What you are asked to do: Among the lines of data below, reproduce only those from the one with "#228 = CARTESIAN_POINT('',(31.675,0.,15.36));" through the one with "#234 = PCURVE('',#44,#235);", exactly as they stand, both ends included.

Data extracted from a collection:
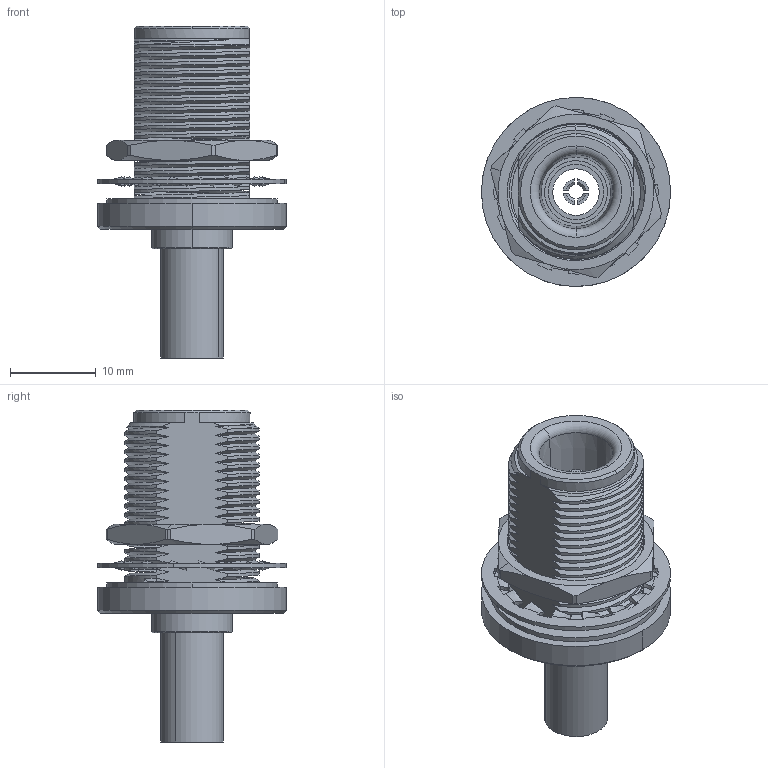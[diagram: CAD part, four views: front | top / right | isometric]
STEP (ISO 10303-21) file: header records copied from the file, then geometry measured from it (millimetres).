
FILE_DESCRIPTION (( 'STEP AP214' ), '1' );
FILE_NAME ('25-255-B3-AK.STEP', '2025-02-27T11:01:30', ( '' ), ( '' ), 'SwSTEP 2.0', 'SolidWorks 2024', '' );
FILE_SCHEMA (( 'AUTOMOTIVE_DESIGN' ));
Products named in the file (1): 25-255-B3-AK
Bounding box: 22 x 22 x 38.62 mm (x, y, z)
Surface area: 4066.8 mm2 (no closed solid volume)
Topology: 0 solids, 11 shells, 305 faces, 1331 edges, 1003 vertices
Faces by surface type: bspline 126, cylinder 77, plane 62, cone 36, torus 4
Entity records: 55641 total; most frequent: CARTESIAN_POINT 46911, ORIENTED_EDGE 2082, EDGE_CURVE 1331, DIRECTION 1183, VERTEX_POINT 1003, B_SPLINE_CURVE_WITH_KNOTS 651, AXIS2_PLACEMENT_3D 458, EDGE_LOOP 318
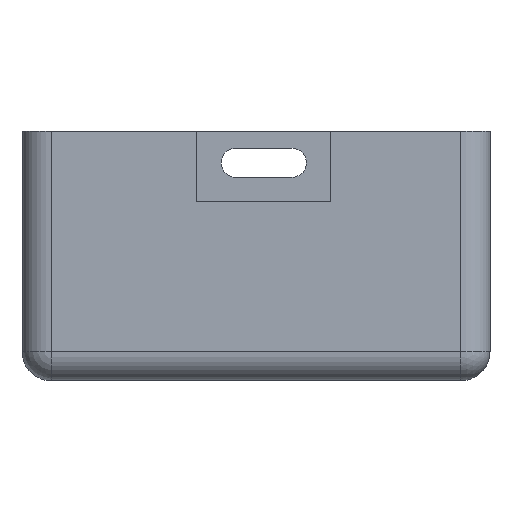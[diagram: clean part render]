
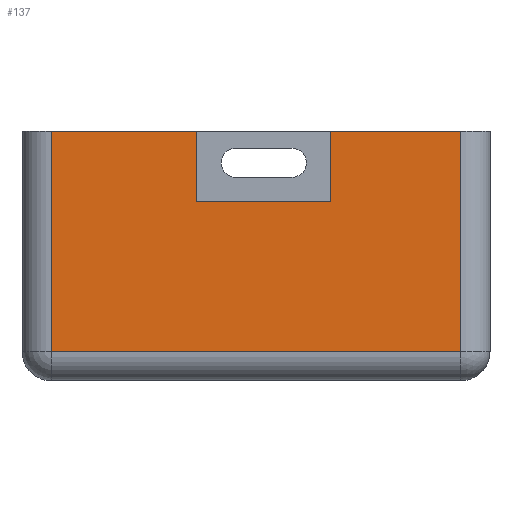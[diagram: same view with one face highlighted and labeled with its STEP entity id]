
A CAD part, front view. The second image highlights one B-rep face of the part: STEP entity #137.
In plain terms, the highlighted planar face has unit normal (0, -1, 0).
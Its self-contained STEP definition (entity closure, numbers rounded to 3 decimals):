
#21 = EDGE_CURVE('',#22,#24,#26,.T.);
#22 = VERTEX_POINT('',#23);
#23 = CARTESIAN_POINT('',(2.99,0.,0.));
#24 = VERTEX_POINT('',#25);
#25 = CARTESIAN_POINT('',(45.01,0.,0.));
#26 = SURFACE_CURVE('',#27,(#31,#43),.PCURVE_S1.);
#27 = LINE('',#28,#29);
#28 = CARTESIAN_POINT('',(0.,0.,0.));
#29 = VECTOR('',#30,1.);
#30 = DIRECTION('',(1.,0.,0.));
#31 = PCURVE('',#32,#37);
#32 = PLANE('',#33);
#33 = AXIS2_PLACEMENT_3D('',#34,#35,#36);
#34 = CARTESIAN_POINT('',(0.,0.,0.));
#35 = DIRECTION('',(0.,-1.,0.));
#36 = DIRECTION('',(1.,0.,0.));
#37 = DEFINITIONAL_REPRESENTATION('',(#38),#42);
#38 = LINE('',#39,#40);
#39 = CARTESIAN_POINT('',(0.,0.));
#40 = VECTOR('',#41,1.);
#41 = DIRECTION('',(1.,0.));
#42 = ( GEOMETRIC_REPRESENTATION_CONTEXT(2) 
PARAMETRIC_REPRESENTATION_CONTEXT() REPRESENTATION_CONTEXT('2D SPACE',''
  ) );
#43 = PCURVE('',#44,#49);
#44 = PLANE('',#45);
#45 = AXIS2_PLACEMENT_3D('',#46,#47,#48);
#46 = CARTESIAN_POINT('',(0.,0.,0.));
#47 = DIRECTION('',(0.,1.,0.));
#48 = DIRECTION('',(1.,0.,0.));
#49 = DEFINITIONAL_REPRESENTATION('',(#50),#54);
#50 = LINE('',#51,#52);
#51 = CARTESIAN_POINT('',(0.,0.));
#52 = VECTOR('',#53,1.);
#53 = DIRECTION('',(1.,0.));
#54 = ( GEOMETRIC_REPRESENTATION_CONTEXT(2) 
PARAMETRIC_REPRESENTATION_CONTEXT() REPRESENTATION_CONTEXT('2D SPACE',''
  ) );
#137 = ADVANCED_FACE('',(#138),#44,.F.);
#138 = FACE_BOUND('',#139,.F.);
#139 = EDGE_LOOP('',(#140,#141,#169,#197,#225,#253,#281,#304));
#140 = ORIENTED_EDGE('',*,*,#21,.F.);
#141 = ORIENTED_EDGE('',*,*,#142,.T.);
#142 = EDGE_CURVE('',#22,#143,#145,.T.);
#143 = VERTEX_POINT('',#144);
#144 = CARTESIAN_POINT('',(2.99,0.,22.6));
#145 = SURFACE_CURVE('',#146,(#150,#157),.PCURVE_S1.);
#146 = LINE('',#147,#148);
#147 = CARTESIAN_POINT('',(2.99,0.,0.));
#148 = VECTOR('',#149,1.);
#149 = DIRECTION('',(0.,0.,1.));
#150 = PCURVE('',#44,#151);
#151 = DEFINITIONAL_REPRESENTATION('',(#152),#156);
#152 = LINE('',#153,#154);
#153 = CARTESIAN_POINT('',(2.99,0.));
#154 = VECTOR('',#155,1.);
#155 = DIRECTION('',(0.,-1.));
#156 = ( GEOMETRIC_REPRESENTATION_CONTEXT(2) 
PARAMETRIC_REPRESENTATION_CONTEXT() REPRESENTATION_CONTEXT('2D SPACE',''
  ) );
#157 = PCURVE('',#158,#163);
#158 = CYLINDRICAL_SURFACE('',#159,2.99);
#159 = AXIS2_PLACEMENT_3D('',#160,#161,#162);
#160 = CARTESIAN_POINT('',(2.99,2.99,0.));
#161 = DIRECTION('',(0.,0.,1.));
#162 = DIRECTION('',(0.,-1.,0.));
#163 = DEFINITIONAL_REPRESENTATION('',(#164),#168);
#164 = LINE('',#165,#166);
#165 = CARTESIAN_POINT('',(-0.,0.));
#166 = VECTOR('',#167,1.);
#167 = DIRECTION('',(-0.,1.));
#168 = ( GEOMETRIC_REPRESENTATION_CONTEXT(2) 
PARAMETRIC_REPRESENTATION_CONTEXT() REPRESENTATION_CONTEXT('2D SPACE',''
  ) );
#169 = ORIENTED_EDGE('',*,*,#170,.T.);
#170 = EDGE_CURVE('',#143,#171,#173,.T.);
#171 = VERTEX_POINT('',#172);
#172 = CARTESIAN_POINT('',(17.925,0.,22.6));
#173 = SURFACE_CURVE('',#174,(#178,#185),.PCURVE_S1.);
#174 = LINE('',#175,#176);
#175 = CARTESIAN_POINT('',(0.,0.,22.6));
#176 = VECTOR('',#177,1.);
#177 = DIRECTION('',(1.,0.,0.));
#178 = PCURVE('',#44,#179);
#179 = DEFINITIONAL_REPRESENTATION('',(#180),#184);
#180 = LINE('',#181,#182);
#181 = CARTESIAN_POINT('',(0.,-22.6));
#182 = VECTOR('',#183,1.);
#183 = DIRECTION('',(1.,0.));
#184 = ( GEOMETRIC_REPRESENTATION_CONTEXT(2) 
PARAMETRIC_REPRESENTATION_CONTEXT() REPRESENTATION_CONTEXT('2D SPACE',''
  ) );
#185 = PCURVE('',#186,#191);
#186 = PLANE('',#187);
#187 = AXIS2_PLACEMENT_3D('',#188,#189,#190);
#188 = CARTESIAN_POINT('',(24.,99.5,22.6));
#189 = DIRECTION('',(0.,0.,1.));
#190 = DIRECTION('',(1.,0.,0.));
#191 = DEFINITIONAL_REPRESENTATION('',(#192),#196);
#192 = LINE('',#193,#194);
#193 = CARTESIAN_POINT('',(-24.,-99.5));
#194 = VECTOR('',#195,1.);
#195 = DIRECTION('',(1.,0.));
#196 = ( GEOMETRIC_REPRESENTATION_CONTEXT(2) 
PARAMETRIC_REPRESENTATION_CONTEXT() REPRESENTATION_CONTEXT('2D SPACE',''
  ) );
#197 = ORIENTED_EDGE('',*,*,#198,.F.);
#198 = EDGE_CURVE('',#199,#171,#201,.T.);
#199 = VERTEX_POINT('',#200);
#200 = CARTESIAN_POINT('',(17.925,0.,15.36));
#201 = SURFACE_CURVE('',#202,(#206,#213),.PCURVE_S1.);
#202 = LINE('',#203,#204);
#203 = CARTESIAN_POINT('',(17.925,0.,15.36));
#204 = VECTOR('',#205,1.);
#205 = DIRECTION('',(0.,0.,1.));
#206 = PCURVE('',#44,#207);
#207 = DEFINITIONAL_REPRESENTATION('',(#208),#212);
#208 = LINE('',#209,#210);
#209 = CARTESIAN_POINT('',(17.925,-15.36));
#210 = VECTOR('',#211,1.);
#211 = DIRECTION('',(0.,-1.));
#212 = ( GEOMETRIC_REPRESENTATION_CONTEXT(2) 
PARAMETRIC_REPRESENTATION_CONTEXT() REPRESENTATION_CONTEXT('2D SPACE',''
  ) );
#213 = PCURVE('',#214,#219);
#214 = PLANE('',#215);
#215 = AXIS2_PLACEMENT_3D('',#216,#217,#218);
#216 = CARTESIAN_POINT('',(17.925,0.,15.36));
#217 = DIRECTION('',(1.,0.,0.));
#218 = DIRECTION('',(0.,0.,1.));
#219 = DEFINITIONAL_REPRESENTATION('',(#220),#224);
#220 = LINE('',#221,#222);
#221 = CARTESIAN_POINT('',(0.,0.));
#222 = VECTOR('',#223,1.);
#223 = DIRECTION('',(1.,0.));
#224 = ( GEOMETRIC_REPRESENTATION_CONTEXT(2) 
PARAMETRIC_REPRESENTATION_CONTEXT() REPRESENTATION_CONTEXT('2D SPACE',''
  ) );
#225 = ORIENTED_EDGE('',*,*,#226,.F.);
#226 = EDGE_CURVE('',#227,#199,#229,.T.);
#227 = VERTEX_POINT('',#228);
#228 = CARTESIAN_POINT('',(31.675,0.,15.36));
#229 = SURFACE_CURVE('',#230,(#234,#241),.PCURVE_S1.);
#230 = LINE('',#231,#232);
#231 = CARTESIAN_POINT('',(31.675,0.,15.36));
#232 = VECTOR('',#233,1.);
#233 = DIRECTION('',(-1.,-0.,0.));
#234 = PCURVE('',#44,#235);
#235 = DEFINITIONAL_REPRESENTATION('',(#236),#240);
#236 = LINE('',#237,#238);
#237 = CARTESIAN_POINT('',(31.675,-15.36));
#238 = VECTOR('',#239,1.);
#239 = DIRECTION('',(-1.,-0.));
#240 = ( GEOMETRIC_REPRESENTATION_CONTEXT(2) 
PARAMETRIC_REPRESENTATION_CONTEXT() REPRESENTATION_CONTEXT('2D SPACE',''
  ) );
#241 = PCURVE('',#242,#247);
#242 = PLANE('',#243);
#243 = AXIS2_PLACEMENT_3D('',#244,#245,#246);
#244 = CARTESIAN_POINT('',(31.675,0.,15.36));
#245 = DIRECTION('',(0.,0.,1.));
#246 = DIRECTION('',(-1.,0.,0.));
#247 = DEFINITIONAL_REPRESENTATION('',(#248),#252);
#248 = LINE('',#249,#250);
#249 = CARTESIAN_POINT('',(0.,-0.));
#250 = VECTOR('',#251,1.);
#251 = DIRECTION('',(1.,0.));
#252 = ( GEOMETRIC_REPRESENTATION_CONTEXT(2) 
PARAMETRIC_REPRESENTATION_CONTEXT() REPRESENTATION_CONTEXT('2D SPACE',''
  ) );
#253 = ORIENTED_EDGE('',*,*,#254,.F.);
#254 = EDGE_CURVE('',#255,#227,#257,.T.);
#255 = VERTEX_POINT('',#256);
#256 = CARTESIAN_POINT('',(31.675,0.,22.6));
#257 = SURFACE_CURVE('',#258,(#262,#269),.PCURVE_S1.);
#258 = LINE('',#259,#260);
#259 = CARTESIAN_POINT('',(31.675,0.,23.36));
#260 = VECTOR('',#261,1.);
#261 = DIRECTION('',(0.,0.,-1.));
#262 = PCURVE('',#44,#263);
#263 = DEFINITIONAL_REPRESENTATION('',(#264),#268);
#264 = LINE('',#265,#266);
#265 = CARTESIAN_POINT('',(31.675,-23.36));
#266 = VECTOR('',#267,1.);
#267 = DIRECTION('',(0.,1.));
#268 = ( GEOMETRIC_REPRESENTATION_CONTEXT(2) 
PARAMETRIC_REPRESENTATION_CONTEXT() REPRESENTATION_CONTEXT('2D SPACE',''
  ) );
#269 = PCURVE('',#270,#275);
#270 = PLANE('',#271);
#271 = AXIS2_PLACEMENT_3D('',#272,#273,#274);
#272 = CARTESIAN_POINT('',(31.675,0.,23.36));
#273 = DIRECTION('',(-1.,0.,0.));
#274 = DIRECTION('',(0.,0.,-1.));
#275 = DEFINITIONAL_REPRESENTATION('',(#276),#280);
#276 = LINE('',#277,#278);
#277 = CARTESIAN_POINT('',(0.,-0.));
#278 = VECTOR('',#279,1.);
#279 = DIRECTION('',(1.,0.));
#280 = ( GEOMETRIC_REPRESENTATION_CONTEXT(2) 
PARAMETRIC_REPRESENTATION_CONTEXT() REPRESENTATION_CONTEXT('2D SPACE',''
  ) );
#281 = ORIENTED_EDGE('',*,*,#282,.T.);
#282 = EDGE_CURVE('',#255,#283,#285,.T.);
#283 = VERTEX_POINT('',#284);
#284 = CARTESIAN_POINT('',(45.01,0.,22.6));
#285 = SURFACE_CURVE('',#286,(#290,#297),.PCURVE_S1.);
#286 = LINE('',#287,#288);
#287 = CARTESIAN_POINT('',(0.,0.,22.6));
#288 = VECTOR('',#289,1.);
#289 = DIRECTION('',(1.,0.,0.));
#290 = PCURVE('',#44,#291);
#291 = DEFINITIONAL_REPRESENTATION('',(#292),#296);
#292 = LINE('',#293,#294);
#293 = CARTESIAN_POINT('',(0.,-22.6));
#294 = VECTOR('',#295,1.);
#295 = DIRECTION('',(1.,0.));
#296 = ( GEOMETRIC_REPRESENTATION_CONTEXT(2) 
PARAMETRIC_REPRESENTATION_CONTEXT() REPRESENTATION_CONTEXT('2D SPACE',''
  ) );
#297 = PCURVE('',#186,#298);
#298 = DEFINITIONAL_REPRESENTATION('',(#299),#303);
#299 = LINE('',#300,#301);
#300 = CARTESIAN_POINT('',(-24.,-99.5));
#301 = VECTOR('',#302,1.);
#302 = DIRECTION('',(1.,0.));
#303 = ( GEOMETRIC_REPRESENTATION_CONTEXT(2) 
PARAMETRIC_REPRESENTATION_CONTEXT() REPRESENTATION_CONTEXT('2D SPACE',''
  ) );
#304 = ORIENTED_EDGE('',*,*,#305,.T.);
#305 = EDGE_CURVE('',#283,#24,#306,.T.);
#306 = SURFACE_CURVE('',#307,(#311,#318),.PCURVE_S1.);
#307 = LINE('',#308,#309);
#308 = CARTESIAN_POINT('',(45.01,0.,22.6));
#309 = VECTOR('',#310,1.);
#310 = DIRECTION('',(-0.,-0.,-1.));
#311 = PCURVE('',#44,#312);
#312 = DEFINITIONAL_REPRESENTATION('',(#313),#317);
#313 = LINE('',#314,#315);
#314 = CARTESIAN_POINT('',(45.01,-22.6));
#315 = VECTOR('',#316,1.);
#316 = DIRECTION('',(0.,1.));
#317 = ( GEOMETRIC_REPRESENTATION_CONTEXT(2) 
PARAMETRIC_REPRESENTATION_CONTEXT() REPRESENTATION_CONTEXT('2D SPACE',''
  ) );
#318 = PCURVE('',#319,#324);
#319 = CYLINDRICAL_SURFACE('',#320,2.99);
#320 = AXIS2_PLACEMENT_3D('',#321,#322,#323);
#321 = CARTESIAN_POINT('',(45.01,2.99,22.6));
#322 = DIRECTION('',(-0.,-0.,-1.));
#323 = DIRECTION('',(0.,-1.,0.));
#324 = DEFINITIONAL_REPRESENTATION('',(#325),#329);
#325 = LINE('',#326,#327);
#326 = CARTESIAN_POINT('',(-0.,0.));
#327 = VECTOR('',#328,1.);
#328 = DIRECTION('',(-0.,1.));
#329 = ( GEOMETRIC_REPRESENTATION_CONTEXT(2) 
PARAMETRIC_REPRESENTATION_CONTEXT() REPRESENTATION_CONTEXT('2D SPACE',''
  ) );

Response for this exercise:
#228 = CARTESIAN_POINT('',(31.675,0.,15.36));
#229 = SURFACE_CURVE('',#230,(#234,#241),.PCURVE_S1.);
#230 = LINE('',#231,#232);
#231 = CARTESIAN_POINT('',(31.675,0.,15.36));
#232 = VECTOR('',#233,1.);
#233 = DIRECTION('',(-1.,-0.,0.));
#234 = PCURVE('',#44,#235);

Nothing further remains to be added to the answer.